The essence of my work can be put under the umbrella term categorical cybernetics, where lately I’ve specifically been focusing on categorical deep learning.

Most of these papers assume knowledge of category theory, most notably that of lenses/optics. If you’re new to category theory, check out the list of resources for learning category theory.

Categorical Deep Learning: An Algebraic Theory of Architectures

We propose category theory as a general-purpose language for specifying and understanding deep learning architectures. We use monad algebras to model equivariance of neural networks and thus capture the entirety of Geometric Deep Learning. By generalising monad to endofunctor algebras we remove the unnecessary constraint of invertibility and model structural (co)recursion, a concept otherwise only acknowledged in ad-hoc ways in deep learning. This consequently unlocks new vistas for enhancing capabilities of neural networks and our understanding of their internals.

My PhD Thesis

Deep learning, despite its remarkable achievements, is a young field. Like the early stages of many scientific disciplines, it is marked by the discovery of new phenomena, ad-hoc design decisions, and the lack of a uniform mathematical foundation. This thesis develops a novel mathematical foundation for deep learning based on the language of category theory. We develop a new framework that is end-to-end, unform, and prescriptive, covering backpropagation, weight sharing, architectures, and the entire picture of supervised learning in a rigorous and unambiguous mathematical formalism.

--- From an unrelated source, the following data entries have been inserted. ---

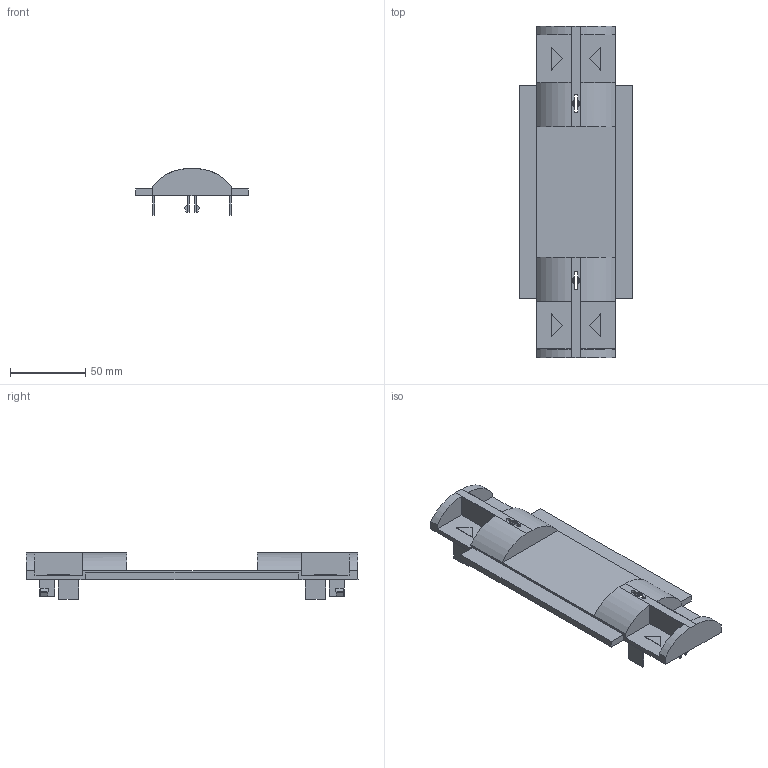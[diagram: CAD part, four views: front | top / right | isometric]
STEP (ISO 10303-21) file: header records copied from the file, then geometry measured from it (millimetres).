
FILE_DESCRIPTION(('CATIA V5 STEP'),'2;1');
FILE_NAME('U8940131_L_Grifflaschenabdeckung_A-U3L.stp','2013-09-02T13:42:57+00:00',('none'),('Jean Müller GmbH'),'CATIA Version 5 Release 19 SP 9 (IN-10)','CATIA V5 STEP AP214','none');
FILE_SCHEMA(('AUTOMOTIVE_DESIGN { 1 0 10303 214 1 1 1 1 }'));
Length unit declared in the file: millimetre
Products named in the file (1): U8940131_L_Grifflaschenabdeckung A-U3L
Bounding box: 75 x 220.5 x 31 mm (x, y, z)
Volume: 36787.1 mm3; surface area: 50524.2 mm2
Topology: 1 solids, 1 shells, 220 faces, 686 edges, 462 vertices
Faces by surface type: plane 188, cylinder 20, cone 12
Entity records: 7077 total; most frequent: CARTESIAN_POINT 1626, ORIENTED_EDGE 1372, DIRECTION 764, EDGE_CURVE 686, VECTOR 484, LINE 484, VERTEX_POINT 462, EDGE_LOOP 234

Graph Convolutional Neural Networks as Parametric CoKleisli morphisms

We define a bicategory of Graph Convolutional Neural Networks (GCNN). We factor it using our existing categorical constructions for deep learning: Para and Lens, but on a specific base category - the CoKleisli category of the product comonad. This gives us a high-level categorical account of a part of the inductive bias of GCNNs. Lastly, we hypothesize about possible generalisations of this categorical model to general message passing neural networks.

Space-time tradeoffs of lenses and optics via higher category theory

Optics and lenses are categorical gadgets modelling systems with bidirectional data flow. In this paper we observe that the denotational definition of optics – identifying two optics as equivalent by observing their behaviour from the outside – is not suitable for operational approaches where optics are not merely observed, but implemented in software with their internal setups in mind. We thus lift the existing categorical constructions and their relationships to the 2-categorical level, showing that the relevant operational concerns become visible.

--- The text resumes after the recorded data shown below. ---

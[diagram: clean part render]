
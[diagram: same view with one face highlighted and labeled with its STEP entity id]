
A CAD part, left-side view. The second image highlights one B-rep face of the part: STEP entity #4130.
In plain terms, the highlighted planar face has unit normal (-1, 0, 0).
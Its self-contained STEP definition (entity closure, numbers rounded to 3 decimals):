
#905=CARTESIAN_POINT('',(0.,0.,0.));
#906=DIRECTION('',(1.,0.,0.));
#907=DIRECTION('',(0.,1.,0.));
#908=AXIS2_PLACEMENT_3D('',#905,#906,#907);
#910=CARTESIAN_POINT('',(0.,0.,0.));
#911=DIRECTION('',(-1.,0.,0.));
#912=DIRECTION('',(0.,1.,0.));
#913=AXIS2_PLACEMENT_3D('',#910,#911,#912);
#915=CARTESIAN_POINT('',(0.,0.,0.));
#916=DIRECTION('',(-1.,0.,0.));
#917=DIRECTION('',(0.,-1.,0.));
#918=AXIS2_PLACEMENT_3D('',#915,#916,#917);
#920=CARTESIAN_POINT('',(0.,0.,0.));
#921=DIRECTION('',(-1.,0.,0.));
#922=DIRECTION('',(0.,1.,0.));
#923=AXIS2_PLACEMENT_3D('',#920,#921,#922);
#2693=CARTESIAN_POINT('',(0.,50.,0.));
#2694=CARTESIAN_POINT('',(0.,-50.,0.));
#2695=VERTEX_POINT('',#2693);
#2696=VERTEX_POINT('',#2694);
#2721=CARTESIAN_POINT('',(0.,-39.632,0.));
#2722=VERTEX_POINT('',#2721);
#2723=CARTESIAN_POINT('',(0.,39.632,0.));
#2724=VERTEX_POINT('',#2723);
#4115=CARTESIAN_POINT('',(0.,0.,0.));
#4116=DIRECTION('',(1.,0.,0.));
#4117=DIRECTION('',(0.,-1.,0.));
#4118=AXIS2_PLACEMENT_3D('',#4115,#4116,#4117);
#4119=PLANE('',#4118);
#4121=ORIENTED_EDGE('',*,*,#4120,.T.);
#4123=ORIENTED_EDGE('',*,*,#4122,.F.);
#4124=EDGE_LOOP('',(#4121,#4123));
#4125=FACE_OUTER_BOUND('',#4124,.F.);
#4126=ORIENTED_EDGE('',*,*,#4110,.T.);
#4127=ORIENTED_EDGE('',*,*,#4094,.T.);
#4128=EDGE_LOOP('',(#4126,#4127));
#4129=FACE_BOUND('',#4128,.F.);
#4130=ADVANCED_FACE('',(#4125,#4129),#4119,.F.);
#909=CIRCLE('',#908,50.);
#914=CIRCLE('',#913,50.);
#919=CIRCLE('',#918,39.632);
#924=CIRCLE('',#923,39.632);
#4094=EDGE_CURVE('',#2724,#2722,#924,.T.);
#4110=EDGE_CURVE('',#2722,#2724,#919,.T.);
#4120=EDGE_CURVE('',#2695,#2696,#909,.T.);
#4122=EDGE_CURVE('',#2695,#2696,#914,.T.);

Actegories for the Working Amthematician

Playing on the name of a reference category theory textbook, this paper is a sizeable reference on the elementary theory of actegories, covering basic definitions and results. Motivated by the use of actegories in the theory of optics, the focus is on the way these actegories combine and interact with the monoidal structure.

Fibre Optics

Lenses, optics and dependent lenses (equivalently morphisms of containers/polynomial functors) are all widely used in applied category theory as models of bidirectional processes. The goal of this paper is to unify these constructions in the framework of fibre optics.

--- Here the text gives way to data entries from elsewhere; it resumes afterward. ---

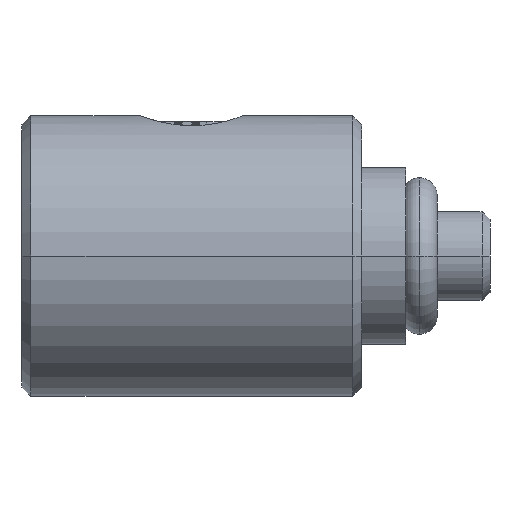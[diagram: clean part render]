
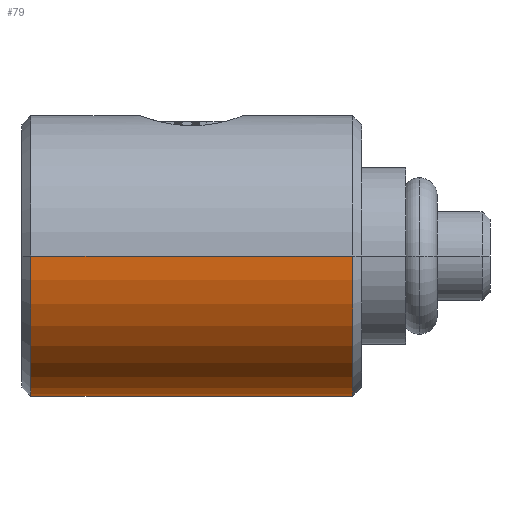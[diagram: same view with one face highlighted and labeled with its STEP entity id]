
A CAD part, left-side view. The second image highlights one B-rep face of the part: STEP entity #79.
In plain terms, the highlighted cylindrical face has radius 4.75 mm (diameter 9.5 mm), a partial arc.
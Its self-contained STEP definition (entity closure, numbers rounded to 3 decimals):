
#79=ADVANCED_FACE('',(#168),#169,.T.);
#168=FACE_OUTER_BOUND('',#354,.T.);
#169=CYLINDRICAL_SURFACE('',#355,4.75);
#354=EDGE_LOOP('',(#561,#562,#563,#564,#565,#566,#567));
#355=AXIS2_PLACEMENT_3D('',#568,#569,#570);
#561=ORIENTED_EDGE('',*,*,#1211,.F.);
#562=ORIENTED_EDGE('',*,*,#1212,.T.);
#563=ORIENTED_EDGE('',*,*,#1213,.F.);
#564=ORIENTED_EDGE('',*,*,#1208,.F.);
#565=ORIENTED_EDGE('',*,*,#1214,.F.);
#566=ORIENTED_EDGE('',*,*,#1215,.T.);
#567=ORIENTED_EDGE('',*,*,#1216,.T.);
#568=CARTESIAN_POINT('',(0.0,5.75,0.0));
#569=DIRECTION('',(-0.0,1.0,0.0));
#570=DIRECTION('',(1.0,0.0,0.0));
#1208=EDGE_CURVE('',#1445,#1448,#1449,.T.);
#1211=EDGE_CURVE('',#1453,#1454,#1455,.T.);
#1212=EDGE_CURVE('',#1453,#1456,#1457,.T.);
#1213=EDGE_CURVE('',#1448,#1456,#1458,.T.);
#1214=EDGE_CURVE('',#1459,#1445,#1460,.T.);
#1215=EDGE_CURVE('',#1459,#1461,#1462,.T.);
#1216=EDGE_CURVE('',#1461,#1454,#1463,.T.);
#1445=VERTEX_POINT('',#1782);
#1448=VERTEX_POINT('',#1786);
#1449=CIRCLE('',#1787,4.75);
#1453=VERTEX_POINT('',#1792);
#1454=VERTEX_POINT('',#1793);
#1455=LINE('',#1794,#1795);
#1456=VERTEX_POINT('',#1796);
#1457=CIRCLE('',#1797,4.75);
#1458=LINE('',#1798,#1799);
#1459=VERTEX_POINT('',#1800);
#1460=LINE('',#1801,#1802);
#1461=VERTEX_POINT('',#1803);
#1462=B_SPLINE_CURVE_WITH_KNOTS('',3,(#1804,#1805,#1806,#1807,#1808,#1809,#1810,#1811,#1812,#1813,#1814,#1815,#1816,#1817,#1818,#1819,#1820,#1821),.UNSPECIFIED.,.F.,.F.,(4,2,2,2,2,2,2,2,4),(14.05,14.633,15.216,15.799,16.382,16.969,17.557,18.145,18.733),.UNSPECIFIED.);
#1463=B_SPLINE_CURVE_WITH_KNOTS('',3,(#1822,#1823,#1824,#1825,#1826,#1827,#1828,#1829,#1830,#1831,#1832,#1833,#1834,#1835,#1836,#1837,#1838,#1839),.UNSPECIFIED.,.F.,.F.,(4,2,2,2,2,2,2,2,4),(18.733,19.321,19.909,20.497,21.084,21.667,22.25,22.833,23.416),.UNSPECIFIED.);
#1782=CARTESIAN_POINT('',(4.75,11.2,0.0));
#1786=CARTESIAN_POINT('',(-4.75,11.2,0.));
#1787=AXIS2_PLACEMENT_3D('',#2357,#2358,#2359);
#1792=CARTESIAN_POINT('',(4.75,0.3,0.0));
#1793=CARTESIAN_POINT('',(4.75,2.75,0.));
#1794=CARTESIAN_POINT('',(4.75,5.75,0.));
#1795=VECTOR('',#2364,1.0);
#1796=CARTESIAN_POINT('',(-4.75,0.3,0.));
#1797=AXIS2_PLACEMENT_3D('',#2365,#2366,#2367);
#1798=CARTESIAN_POINT('',(-4.75,5.75,0.));
#1799=VECTOR('',#2368,1.0);
#1800=CARTESIAN_POINT('',(4.75,8.75,0.0));
#1801=CARTESIAN_POINT('',(4.75,5.75,0.));
#1802=VECTOR('',#2369,1.0);
#1803=CARTESIAN_POINT('',(3.683,5.75,-3.0));
#1804=CARTESIAN_POINT('',(4.75,8.75,0.));
#1805=CARTESIAN_POINT('',(4.75,8.75,-0.194));
#1806=CARTESIAN_POINT('',(4.738,8.731,-0.394));
#1807=CARTESIAN_POINT('',(4.689,8.652,-0.786));
#1808=CARTESIAN_POINT('',(4.652,8.592,-0.98));
#1809=CARTESIAN_POINT('',(4.559,8.437,-1.348));
#1810=CARTESIAN_POINT('',(4.502,8.342,-1.523));
#1811=CARTESIAN_POINT('',(4.38,8.124,-1.845));
#1812=CARTESIAN_POINT('',(4.315,8.001,-1.992));
#1813=CARTESIAN_POINT('',(4.185,7.741,-2.252));
#1814=CARTESIAN_POINT('',(4.116,7.593,-2.375));
#1815=CARTESIAN_POINT('',(3.982,7.272,-2.593));
#1816=CARTESIAN_POINT('',(3.918,7.097,-2.688));
#1817=CARTESIAN_POINT('',(3.807,6.731,-2.842));
#1818=CARTESIAN_POINT('',(3.761,6.538,-2.902));
#1819=CARTESIAN_POINT('',(3.699,6.146,-2.981));
#1820=CARTESIAN_POINT('',(3.683,5.946,-3.0));
#1821=CARTESIAN_POINT('',(3.683,5.75,-3.0));
#1822=CARTESIAN_POINT('',(3.683,5.75,-3.0));
#1823=CARTESIAN_POINT('',(3.683,5.554,-3.0));
#1824=CARTESIAN_POINT('',(3.699,5.354,-2.981));
#1825=CARTESIAN_POINT('',(3.761,4.962,-2.902));
#1826=CARTESIAN_POINT('',(3.807,4.769,-2.842));
#1827=CARTESIAN_POINT('',(3.918,4.403,-2.688));
#1828=CARTESIAN_POINT('',(3.982,4.228,-2.593));
#1829=CARTESIAN_POINT('',(4.116,3.907,-2.375));
#1830=CARTESIAN_POINT('',(4.185,3.759,-2.252));
#1831=CARTESIAN_POINT('',(4.315,3.499,-1.992));
#1832=CARTESIAN_POINT('',(4.38,3.376,-1.845));
#1833=CARTESIAN_POINT('',(4.502,3.158,-1.523));
#1834=CARTESIAN_POINT('',(4.559,3.063,-1.348));
#1835=CARTESIAN_POINT('',(4.652,2.908,-0.98));
#1836=CARTESIAN_POINT('',(4.689,2.848,-0.786));
#1837=CARTESIAN_POINT('',(4.738,2.769,-0.394));
#1838=CARTESIAN_POINT('',(4.75,2.75,-0.194));
#1839=CARTESIAN_POINT('',(4.75,2.75,0.));
#2357=CARTESIAN_POINT('',(0.0,11.2,0.0));
#2358=DIRECTION('',(-0.0,1.0,0.0));
#2359=DIRECTION('',(1.0,0.0,0.0));
#2364=DIRECTION('',(0.0,1.0,0.0));
#2365=CARTESIAN_POINT('',(0.0,0.3,0.0));
#2366=DIRECTION('',(-0.0,1.0,0.0));
#2367=DIRECTION('',(1.0,0.0,0.0));
#2368=DIRECTION('',(-0.0,-1.0,-0.0));
#2369=DIRECTION('',(0.0,1.0,0.0));

Categorical Foundations of Gradient-Based Learning

We propose a categorical semantics of gradient-based machine learning algorithms in terms of lenses, parametrised maps, and reverse derivative categories. This foundation provides a powerful explanatory and unifying framework: encompassing a variety of neural networks, loss functions (including mean squared error and Softmax cross entropy), gradient update algorithms (including Nesterov momentum, Adagrad and ADAM). It generalises beyond the familiar continuous domains (modelled in categories of smooth maps) to the discrete setting of boolean circuits.

Towards foundations of categorical cybernetics

We propose a categorical framework for ‘cybernetics’: processes which interact bidirectionally with both an environment and a ‘controller’. Examples include open learners, in which the controller is an optimiser such as gradient descent, and open games, in which the controller is a composite of game-theoretic agents.

Category Theory in Machine Learning: a Survey

Over the past two decades machine learning has permeated almost every realm of technology. At the same time, many researchers have begun using category theory as a unifying scientific language, facilitating communication between different disciplines. It is therefore unsurprising that there is a burgeoning interest in applying category theory to machine learning. We document the motivations, goals and common themes across these applications, touching on gradient-based learning, probability, and equivariant learning.

Compositional Game Theory, Compositionally

We present a new compositional approach to compositional game theory based upon Arrows, a concept closely related to Tambara modules. We use this compositional approach to show how known and previously unknown variants of open games can be proven to form symmetric monoidal categories.

Learning Functors using Gradient Descent

We build a category-theoretic formalism around a neural network system called CycleGAN, an approach to unpaired image-to-image translation. We relate it to categorical databases, and show that a special class of functors can be learned using gradient descent. We design a novel neural network capable of inserting and deleting objects from images without paired data and evaluate it on the CelebA dataset.